どういった問題が起こるのかを具体的に紹介していきます。
口呼吸が多くなる
前歯をしっかり閉じることができないと口も開きがちになります。自然と口呼吸も多くなり、就寝中のいびきの原因やのどの乾燥による炎症、感染症を引き起こしやすくなってしまいます。ドライマウスにもなりやすくなるため、注意が必要です。ドライマウスになると唾液の量が減ってしまい、口が乾きやすくなってしまい口の中の細菌が増殖。口臭の原因となるばかりか、味覚を感じにくくなることもあるようです。軽度であれば口の中がネバネバするといった自覚がありますので、気づいた時には早めの治療をおすすめします。
奥歯への負担が増える
隙間が生じる前歯では物を噛む機会が少なくなり、その分奥歯に負担がかかります。奥歯は消耗を続けることになって、早い段階で抜け落ちてしまうそうです。奥歯への負担が増えると顎関節症の原因にもなります。さらに、顎関節症が悪化すると頭痛や肩こりの原因にもなるため、要注意です。
口呼吸が多くなる
発音障害を引き起こす
前歯がしっかり閉じられないと発する声にも影響してきます。舌足らずのしゃべり方とよく言われますが、発音が正しくできない原因は舌ではなく、歯並びによるものかもしれません。とくに「さ行」の発音が悪くなります。子供の場合、将来のことを考えると素早い対応がカギとなるでしょう。
消化器官への負担
しっかりとかみ合わない前歯では、食べ物を十分に噛むことができません。上手に咀嚼できないまま飲み込んでしまうと、胃腸への負担が増えてしまいます。胃腸に負担をかけすぎると、さまざまな病気を引き起こすことも…。かみ合わせが悪いだけだと思っていたのが、思わぬ不調を招く結果につながりかねないのです。
矯正方法
子どもの場合、開咬の原因となる指しゃぶりや舌の癖を早い時期にとりのぞき、矯正治療で歯の並びを整えます。放っておくと虫歯や歯周病に罹患しやすくなりますので、早期に治療したほうがいいようです。

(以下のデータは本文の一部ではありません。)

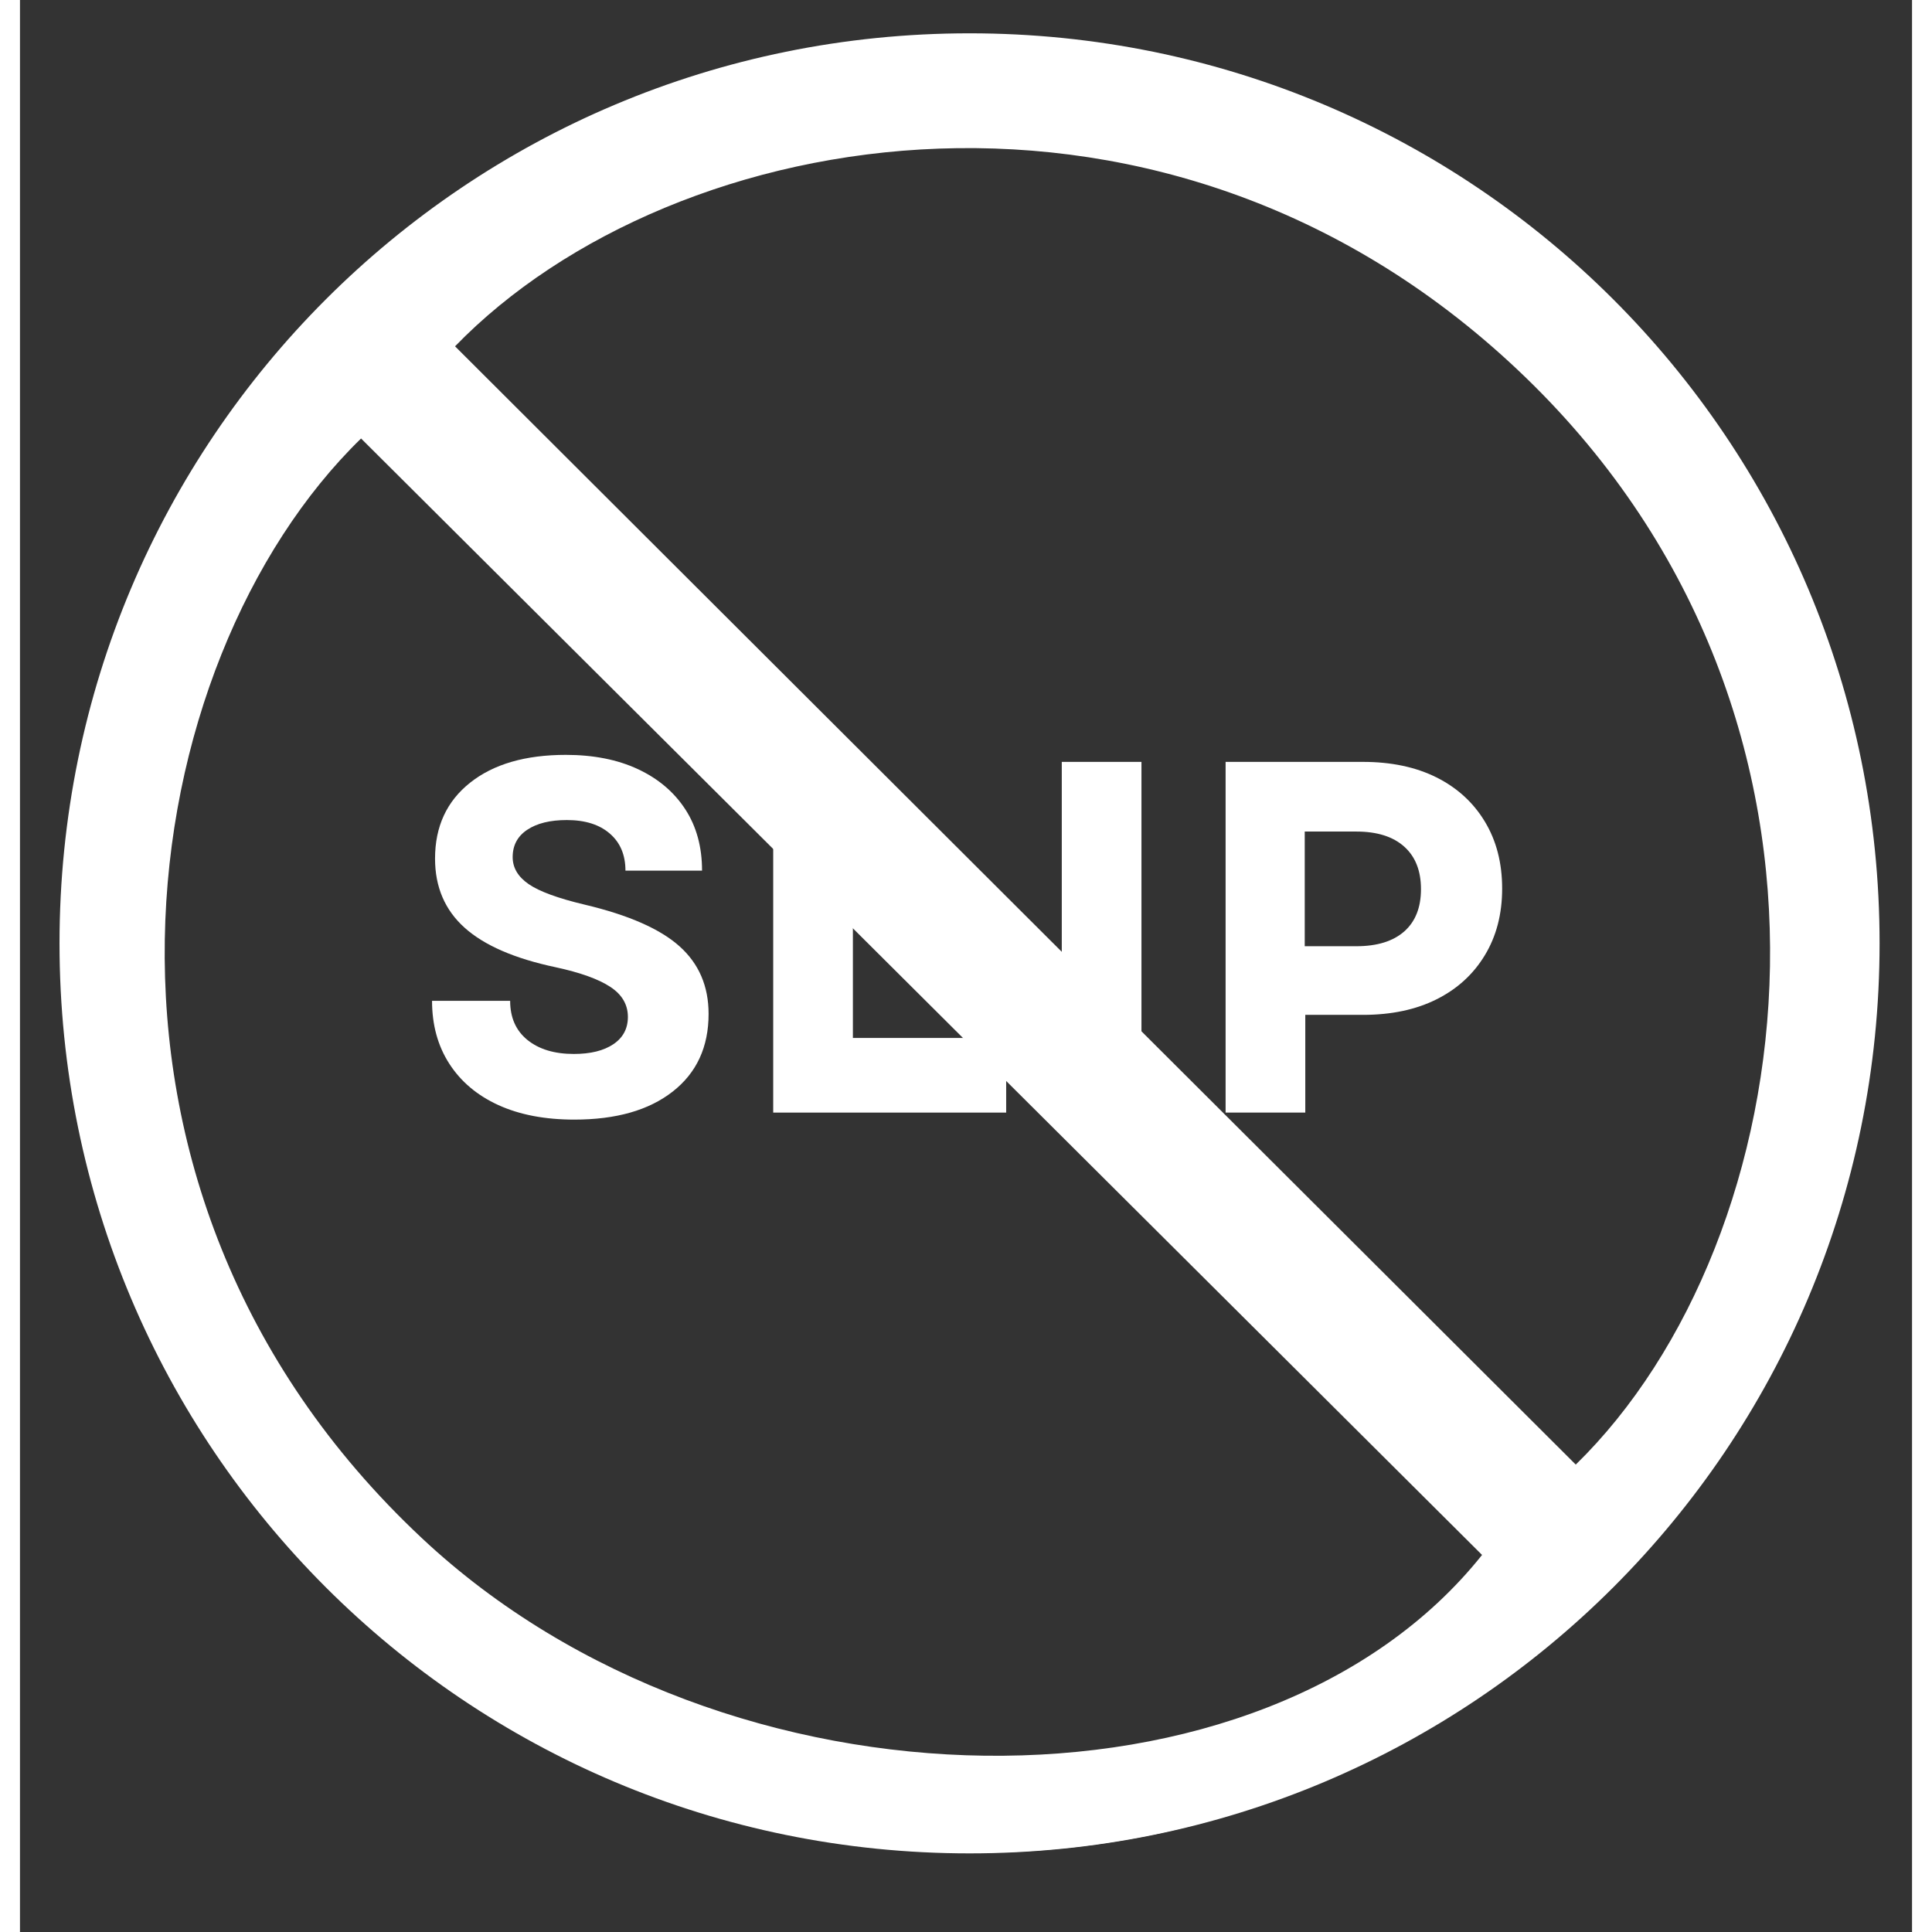 <svg version="1.0" preserveAspectRatio="xMidYMid meet" height="500" viewBox="0 0 375.12 383.04" zoomAndPan="magnify" width="500" xmlns:xlink="http://www.w3.org/1999/xlink" xmlns="http://www.w3.org/2000/svg"><rect x="0" y="0" width="375.12" height="383.04" fill="#333333" stroke="none"/><defs><g></g><clipPath id="f6b4aefe47"><path clip-rule="nonzero" d="M 7.84 6.605 L 369 6.605 L 369 368 L 7.84 368 Z M 7.84 6.605"></path></clipPath></defs><g clip-path="url(#f6b4aefe47)"><path fill-rule="nonzero" fill-opacity="1" d="M 188.266 6.605 C 88.43 6.605 7.84 87.195 7.84 187.027 C 7.84 286.863 88.43 367.453 188.266 367.453 C 288.098 367.453 368.688 286.863 368.688 187.027 C 368.688 87.195 288.098 6.605 188.266 6.605 Z M 188.266 351.414 C 97.652 351.414 23.879 277.641 23.879 187.027 C 23.879 96.414 97.652 22.641 188.266 22.641 C 278.879 22.641 352.652 96.414 352.652 187.027 C 352.652 277.641 278.879 351.414 188.266 351.414 Z M 188.266 351.414" fill="#ffffff"></path></g><path fill-rule="nonzero" fill-opacity="1" d="M 188.098 10.344 C 285.246 10.164 365.984 90.121 366.285 186.727 C 366.586 286.461 287.289 367.32 189.301 367.32 C 89.145 367.32 9.492 287.785 9.609 187.871 C 9.73 89.941 89.625 10.465 188.098 10.344 Z M 308.453 290.371 C 353.84 246.062 369.051 143.082 298.531 74.852 C 228.137 6.738 129.605 23.992 86.258 68.66 C 160.324 142.602 234.387 216.484 308.453 290.371 Z M 67.625 86.934 C 22.414 130.941 5.043 235.062 79.707 304.977 C 140.062 361.547 246.832 362.27 289.875 308.285 C 216.051 234.762 142.23 161.238 67.625 86.934 Z M 67.625 86.934" fill="#ffffff"></path><g fill-opacity="1" fill="#ffffff"><g transform="translate(77.323, 220.583)"><g><path d="M 32.578 1.391 C 26.754 1.391 21.738 0.43 17.531 -1.484 C 13.32 -3.41 10.078 -6.145 7.797 -9.688 C 5.516 -13.227 4.375 -17.383 4.375 -22.156 L 19.859 -22.156 C 19.859 -18.844 21 -16.258 23.281 -14.406 C 25.57 -12.551 28.641 -11.625 32.484 -11.625 C 35.797 -11.625 38.41 -12.27 40.328 -13.562 C 42.242 -14.852 43.203 -16.656 43.203 -18.969 C 43.203 -21.414 42.039 -23.398 39.719 -24.922 C 37.406 -26.453 33.801 -27.75 28.906 -28.812 C 20.758 -30.531 14.734 -33.145 10.828 -36.656 C 6.922 -40.164 4.969 -44.734 4.969 -50.359 C 4.969 -56.711 7.285 -61.727 11.922 -65.406 C 16.555 -69.082 22.879 -70.922 30.891 -70.922 C 36.391 -70.922 41.156 -69.977 45.188 -68.094 C 49.227 -66.207 52.359 -63.555 54.578 -60.141 C 56.797 -56.734 57.906 -52.676 57.906 -47.969 L 42.719 -47.969 C 42.719 -51.082 41.688 -53.531 39.625 -55.312 C 37.57 -57.102 34.727 -58 31.094 -58 C 27.781 -58 25.16 -57.352 23.234 -56.062 C 21.316 -54.781 20.359 -52.977 20.359 -50.656 C 20.359 -48.539 21.414 -46.754 23.531 -45.297 C 25.656 -43.836 29.367 -42.477 34.672 -41.219 C 43.336 -39.164 49.594 -36.414 53.438 -32.969 C 57.281 -29.531 59.203 -25.062 59.203 -19.562 C 59.203 -13.008 56.832 -7.879 52.094 -4.172 C 47.363 -0.461 40.859 1.391 32.578 1.391 Z M 32.578 1.391"></path></g></g></g><g fill-opacity="1" fill="#ffffff"><g transform="translate(140.993, 220.583)"><g><path d="M 8.344 0 L 8.344 -69.531 L 24.141 -69.531 L 24.141 -14.797 L 54.531 -14.797 L 54.531 0 Z M 8.344 0"></path></g></g></g><g fill-opacity="1" fill="#ffffff"><g transform="translate(198.206, 220.583)"><g><path d="M 8.344 0 L 8.344 -69.531 L 24.141 -69.531 L 24.141 0 Z M 8.344 0"></path></g></g></g><g fill-opacity="1" fill="#ffffff"><g transform="translate(230.686, 220.583)"><g><path d="M 8.344 0 L 8.344 -69.531 L 35.562 -69.531 C 41.188 -69.531 46.051 -68.504 50.156 -66.453 C 54.258 -64.398 57.453 -61.484 59.734 -57.703 C 62.023 -53.93 63.172 -49.5 63.172 -44.406 C 63.172 -39.363 62.023 -34.957 59.734 -31.188 C 57.453 -27.414 54.258 -24.504 50.156 -22.453 C 46.051 -20.398 41.188 -19.375 35.562 -19.375 L 24.141 -19.375 L 24.141 0 Z M 24.031 -32.984 L 34.266 -32.984 C 38.367 -32.984 41.531 -33.957 43.75 -35.906 C 45.969 -37.863 47.078 -40.66 47.078 -44.297 C 47.078 -47.941 45.969 -50.754 43.75 -52.734 C 41.531 -54.723 38.367 -55.719 34.266 -55.719 L 24.031 -55.719 Z M 24.031 -32.984"></path></g></g></g></svg>

大人の場合も治療はできますが、多くは抜歯が必要であったり、場合によっては手術を併用したりして治します。
治療には歯列矯正が一般的ですが、矯正には1年以上の治療期間がかかります。全体的な矯正が必要でない場合や歯の色や形も気にされている方、時間があるのなら、トータルで審美的に治療できるセラミッククラウン法(差し歯)がおすすめです。
上下の全体をきれいにされたい場合には歯列矯正のほうがが良いでしょう。
目立たない装置(半透明でクリアーな装置)を使用した場合、2~3年の治療期間が必要となります。遺伝や顎の骨の形態異常により起こる乱杭歯の場合、外科的矯正(骨切り)になることが多いそうです。